No you just special case the function call and tell the proof analyzer "this never happens". Strictly speaking, a lie, but probably a sophisticated prover could even be rigged to keep track of those conditions (not in x years, e.g.) if you so chose

richardfey · on May 28, 2021

Exactly my thoughts. This is something I would expect covered by the testing process. I wonder what the Apollo engineers would say about this.

crocal · on May 28, 2021

This is actually compulsory requirement for safe communication protocols in railway according to EN 50159. The correct way to manage this is to reject the outdated samples. Ultimately, this should result in a transition to fallback mode (in this case, emergency landing mode).
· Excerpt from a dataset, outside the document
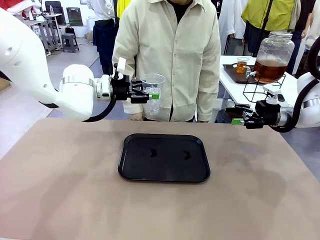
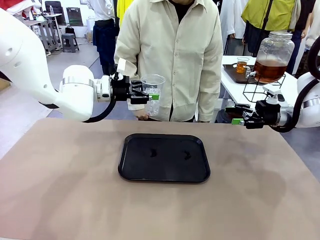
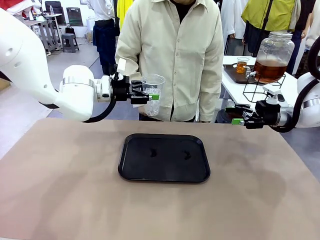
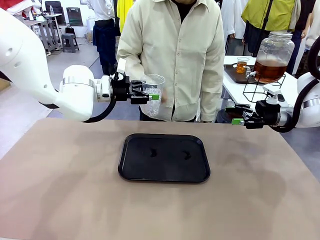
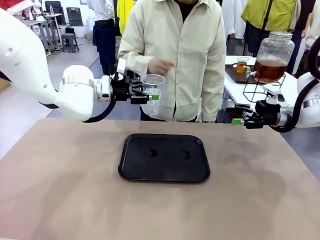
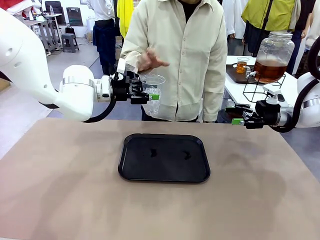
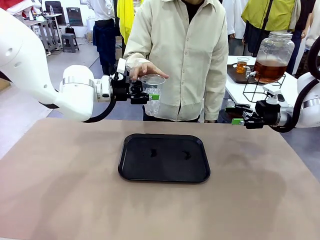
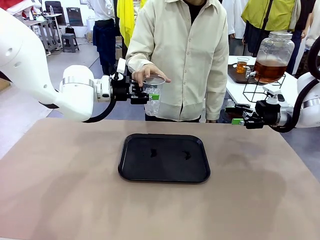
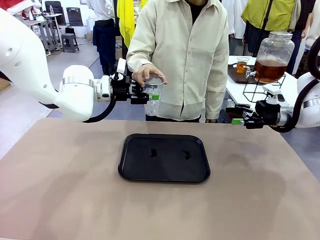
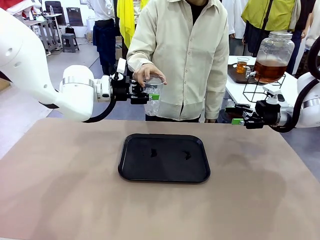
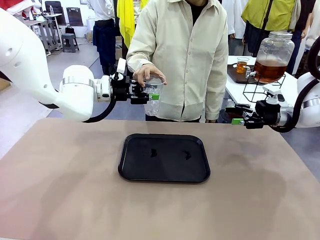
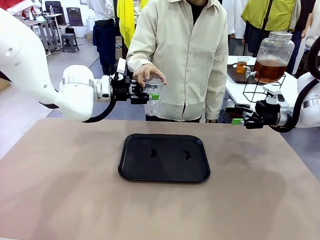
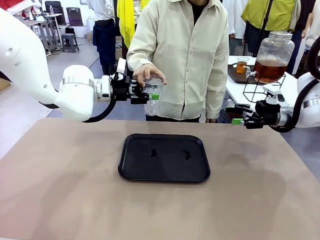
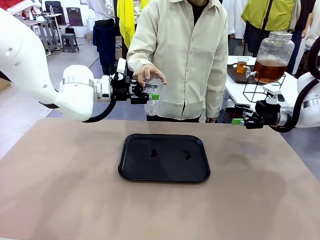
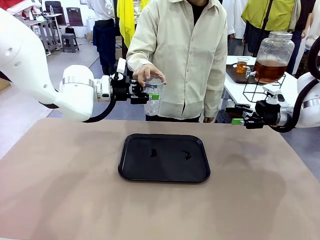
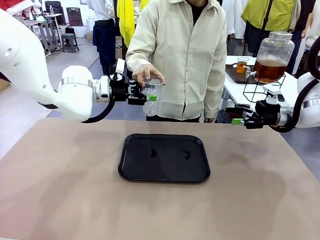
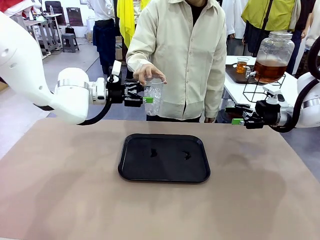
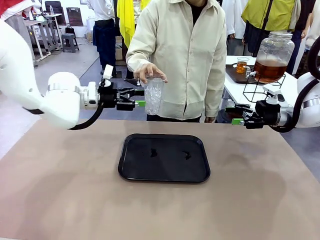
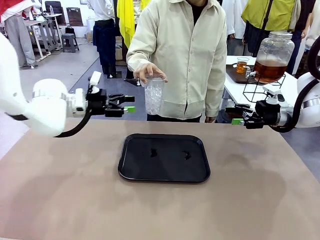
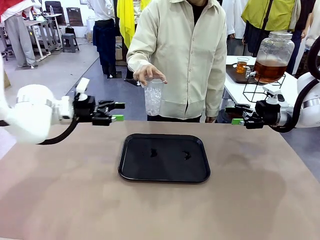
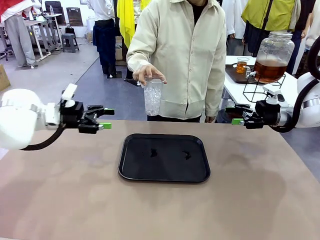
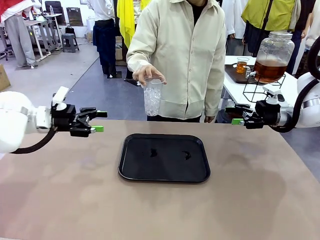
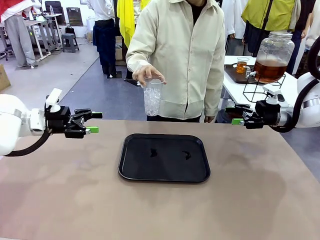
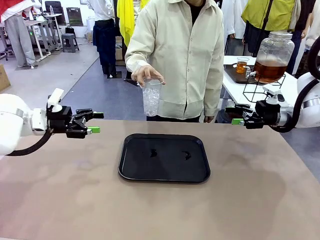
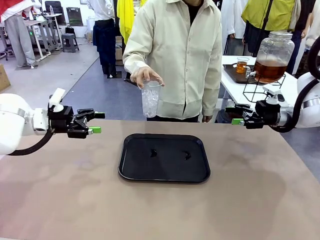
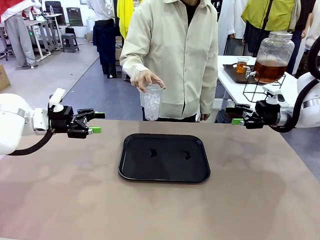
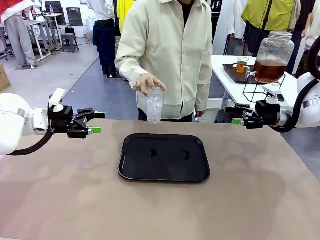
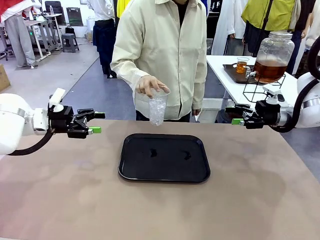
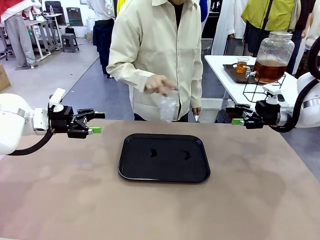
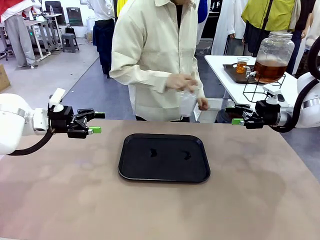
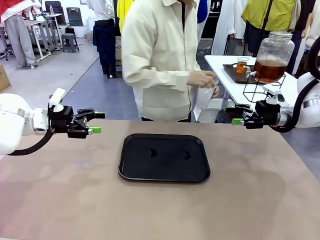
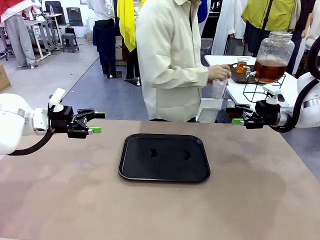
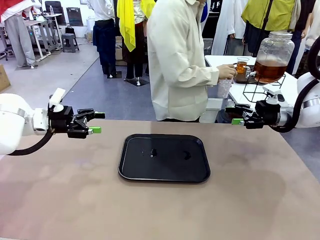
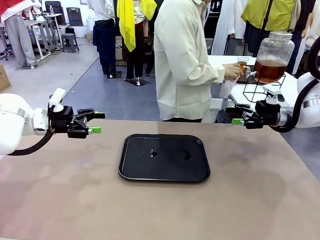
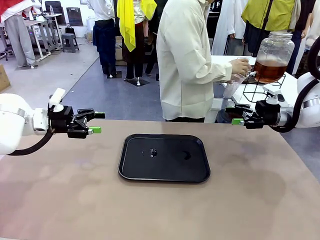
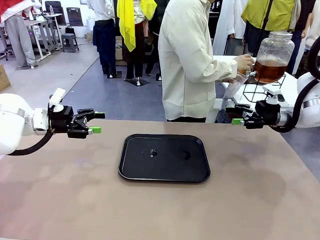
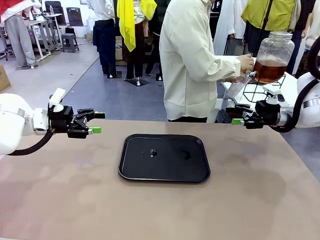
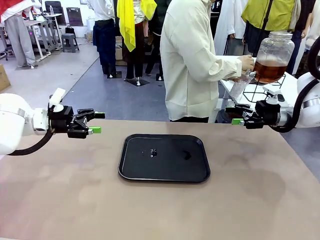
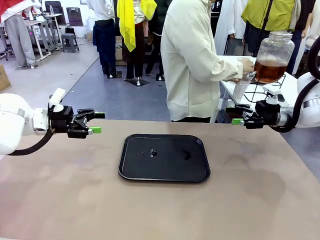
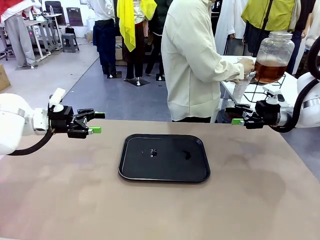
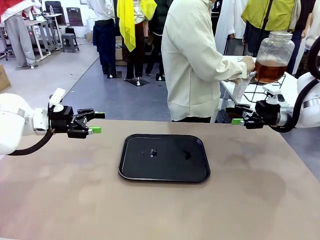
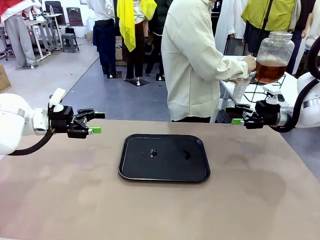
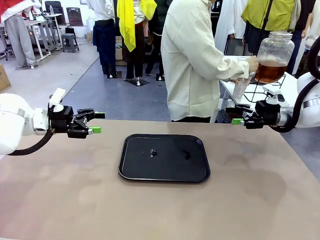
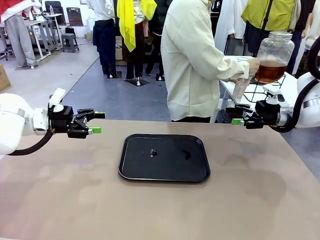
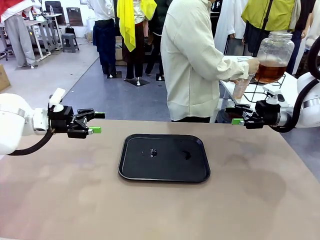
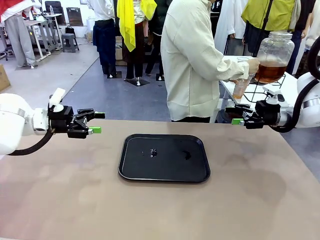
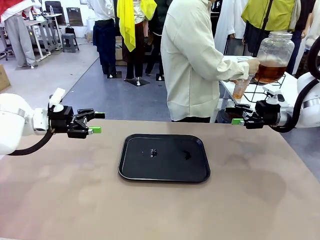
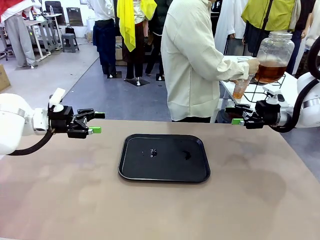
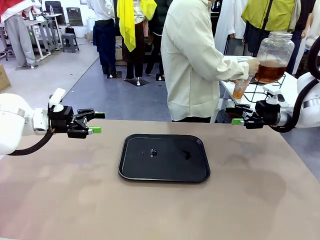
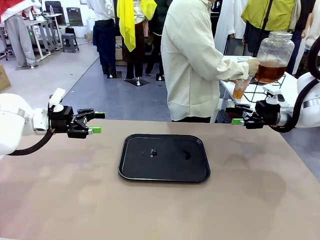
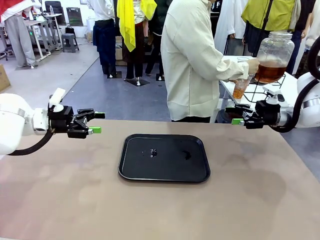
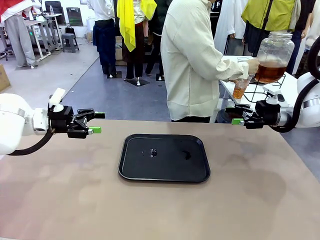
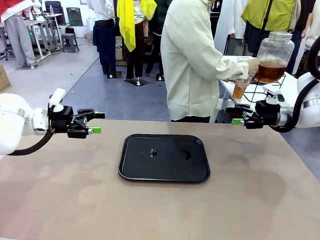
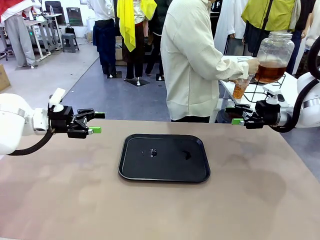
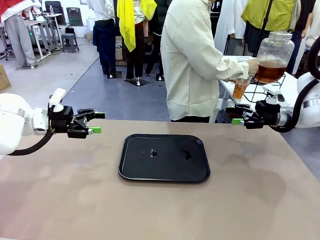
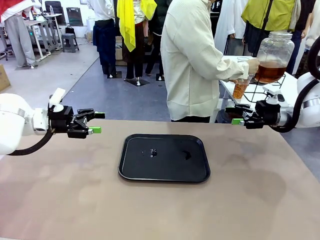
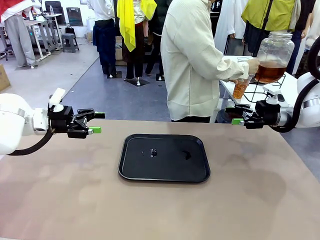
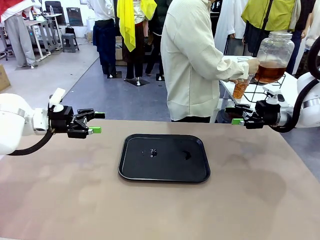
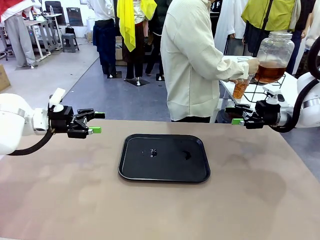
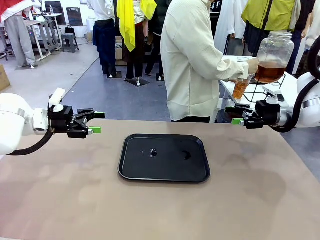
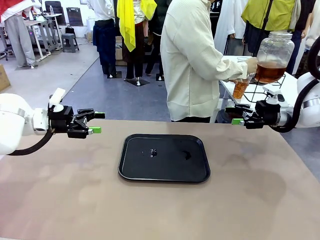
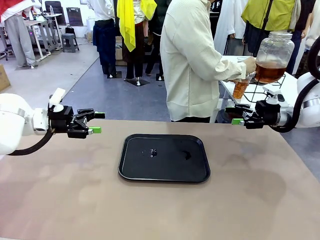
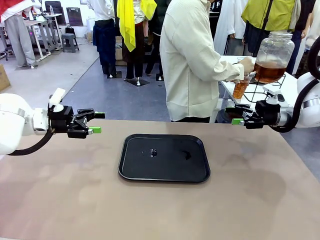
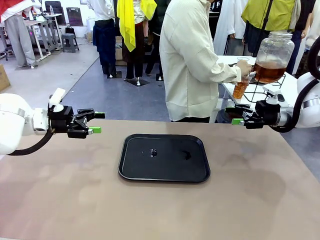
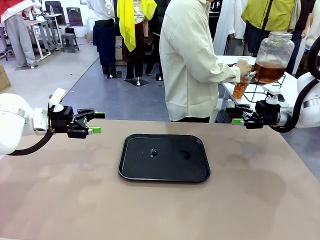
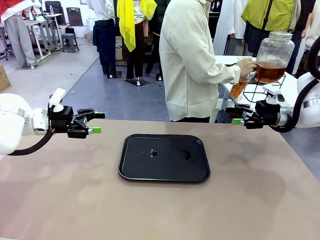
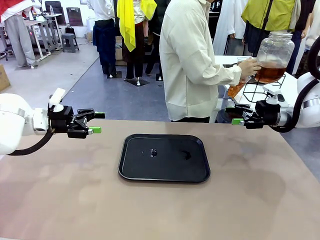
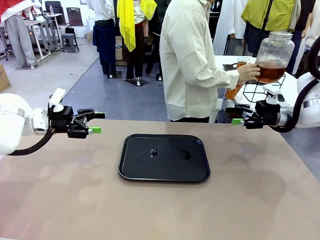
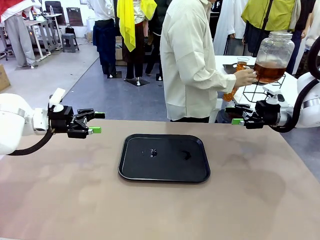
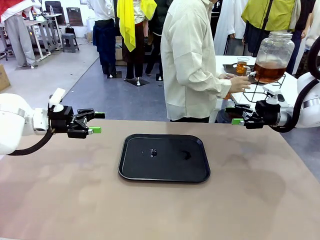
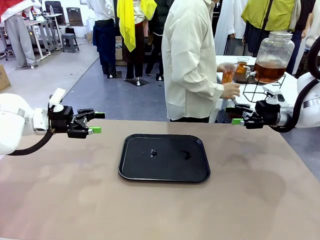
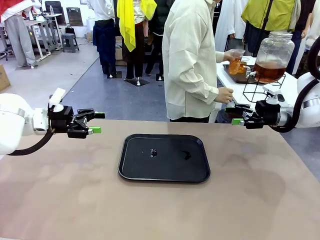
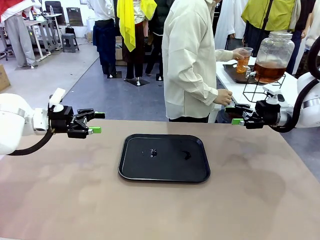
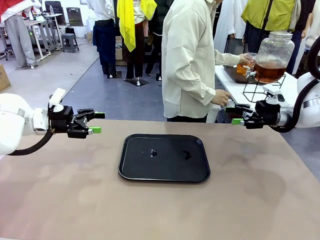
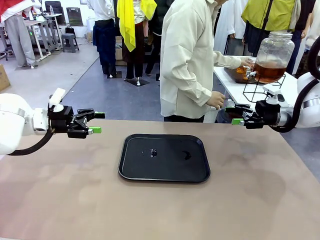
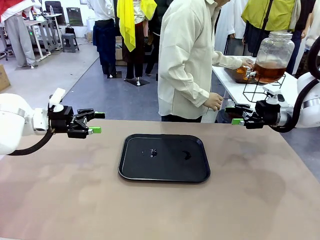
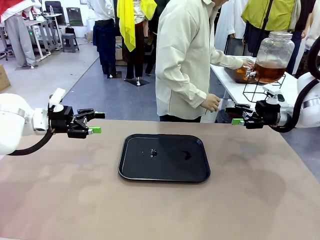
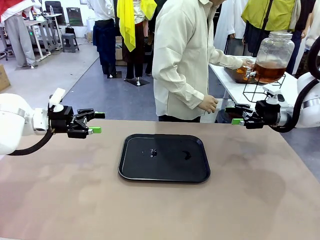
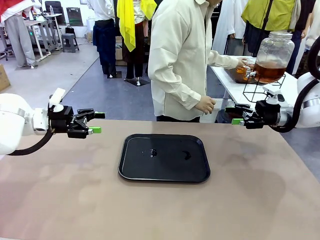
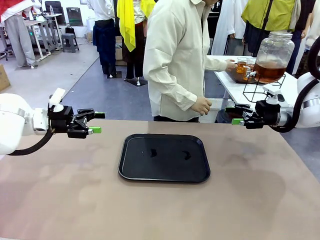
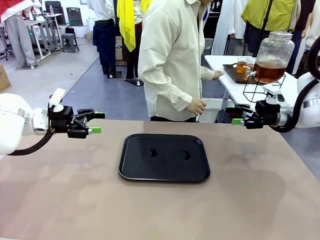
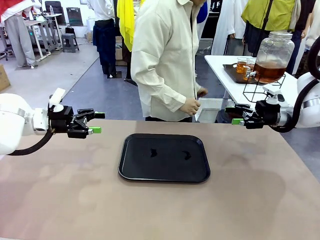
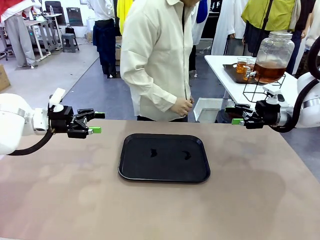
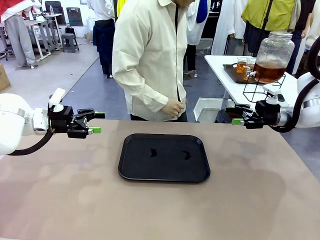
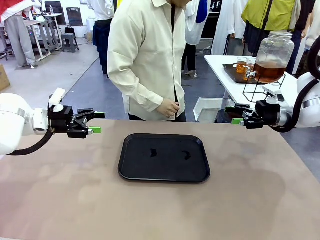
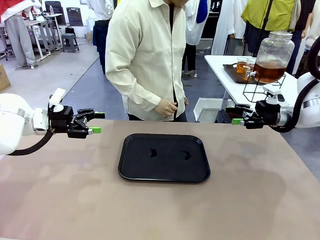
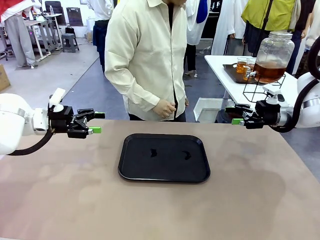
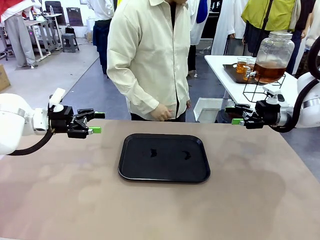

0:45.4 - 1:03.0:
Task: Pour the drink into the iced cup.
Robot: Open the gripper to release the iced cup you were holding.
Person: Move the picked-up cup under the dispenser faucet, pour the drink, and place it on the tray on the human table.

GeorgeTirebiter · on May 28, 2021

This is actually all very complicated, because if you're doing e.g. velocity estimation via smoothed differences, missing a point means you've (effectively) inserted a spike-like pseudo-datapoint into your Kalman filter (or whatever) --- it will not totally crap, but will be incorrect until the 'bad' datapoint flows completely through the filter.

crocal · on May 28, 2021

... Indeed. Therefore we add sensor diversity to balance the failure modes and increase availability. Having no sample means that you increase your confidence interval at warp speed to account for all possible scenarios. Very quickly your estimate becomes : « great, I am traveling at 35kph +/- 100kph. Wait. What? »

loa_in_ · on May 28, 2021

That sounds nearly impossible a feature to implement. Simulating a virtual copy of a component that's purpose is to deliver novel data, autonomously?

timmattison · on May 28, 2021

I think it can be simpler than that. If a piece of code is going to do a velocity calculation from motion estimation between two frames it should expect to get new data every 1 / FPS seconds. A local clock could help validate that. If data comes too fast or too slow within some tolerance then the system could signal there is an issue. If the images have time stamps it could check those too.
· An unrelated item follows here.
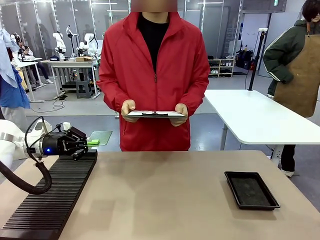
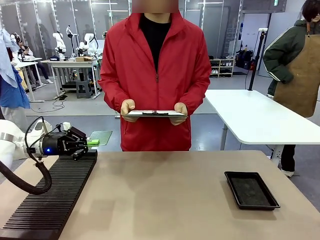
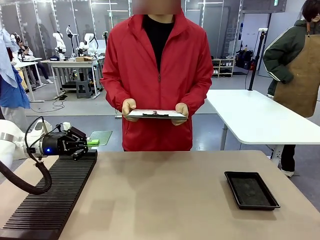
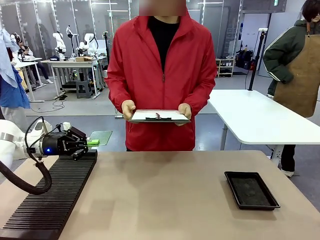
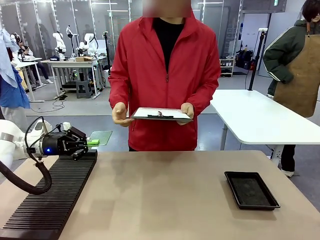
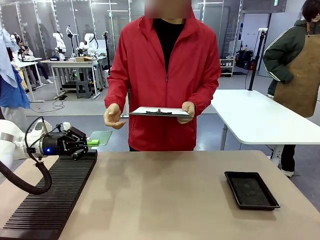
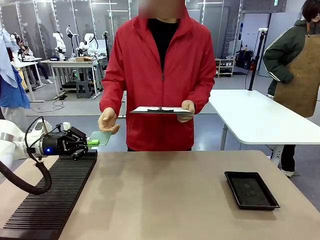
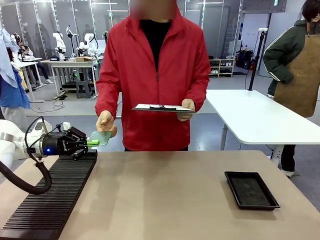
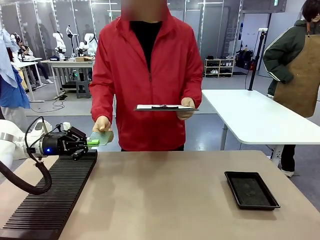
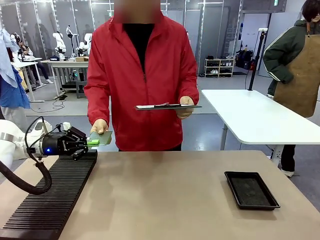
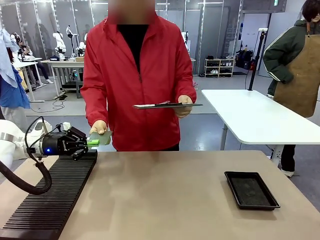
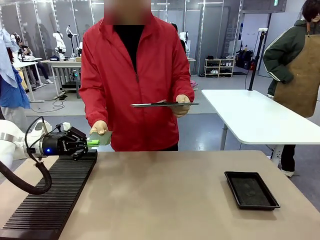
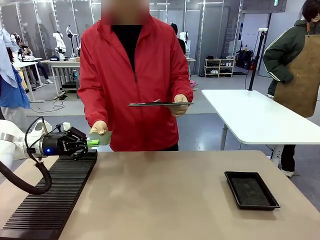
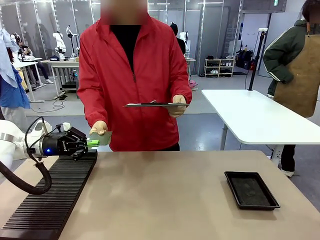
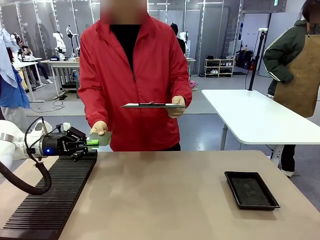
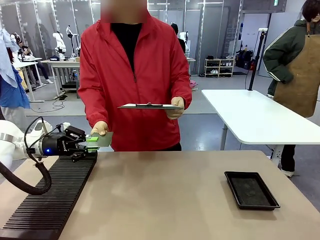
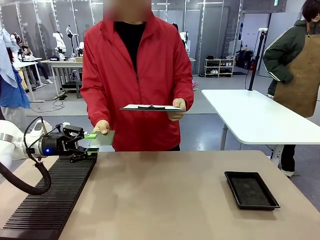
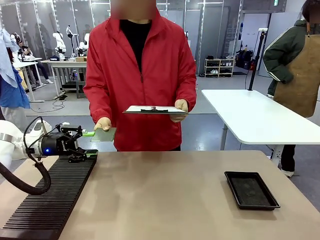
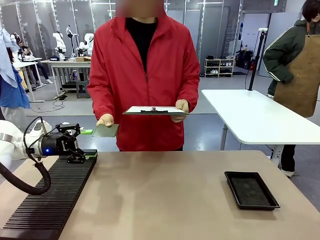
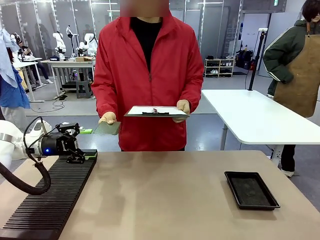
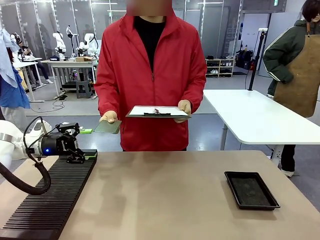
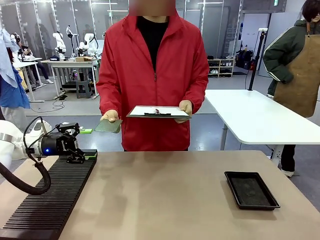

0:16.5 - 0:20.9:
Task: Inspect the PCB.
Robot: Release the Blank PCB you were holding.

Now you’d need to hope the inertial guidance is good enough at those altitudes. The article says it doesn’t use image based calculations for landing due to the possibility of kicking up dust.

zoomablemind · on May 28, 2021

> "...This glitch caused a single image to be lost, but more importantly, it resulted in all later navigation images being delivered with inaccurate timestamps..."
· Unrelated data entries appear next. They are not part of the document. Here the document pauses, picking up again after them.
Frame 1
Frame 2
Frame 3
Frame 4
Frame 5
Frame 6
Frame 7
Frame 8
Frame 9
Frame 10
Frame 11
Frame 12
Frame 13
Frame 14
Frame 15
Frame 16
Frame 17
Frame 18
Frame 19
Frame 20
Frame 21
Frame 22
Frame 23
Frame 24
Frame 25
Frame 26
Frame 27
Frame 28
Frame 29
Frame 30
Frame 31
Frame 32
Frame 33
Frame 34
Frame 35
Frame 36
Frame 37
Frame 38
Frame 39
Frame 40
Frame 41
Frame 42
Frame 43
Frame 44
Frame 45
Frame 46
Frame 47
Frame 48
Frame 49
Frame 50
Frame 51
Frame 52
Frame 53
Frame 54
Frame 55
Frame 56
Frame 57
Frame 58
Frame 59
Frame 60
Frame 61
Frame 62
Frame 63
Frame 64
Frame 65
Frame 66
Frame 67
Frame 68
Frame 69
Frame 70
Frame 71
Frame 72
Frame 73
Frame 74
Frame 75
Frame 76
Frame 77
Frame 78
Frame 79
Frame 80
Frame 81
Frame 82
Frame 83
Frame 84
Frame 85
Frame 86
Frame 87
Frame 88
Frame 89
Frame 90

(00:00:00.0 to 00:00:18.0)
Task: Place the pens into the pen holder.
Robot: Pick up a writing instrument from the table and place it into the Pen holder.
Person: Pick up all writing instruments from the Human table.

It seems that the timestamping is detached from frameshooting. That is, as if there were a burst happening, then the burst's frames get assigned the sequential timestamps. Thus if a burst had a glitched/skipped frame, a part of the series and the subsequent bursts become mis-attributed.

I understand that integrating the timestamping to be atomic to frameshooting is likely to slowdown the burst. So there has to be some expected internal timeline to validate the timeline that results from bursting.

SamBam · on May 28, 2021

> I imagine it is sort of like the organisms ...

Can you describe this further, or link to further reading?

tgbugs · on May 28, 2021

I don't have anything specific in mind that covers this (I'll look around), but maybe take a look at the work by Nicholas Strausfeld for some actual data on early nervous systems [0], and Leigh van Valen for the general theoretical framework [1].

0. https://scholar.google.com/scholar?q=Nicholas+Strausfeld

1. https://www.mn.uio.no/cees/english/services/van-valen/evolut...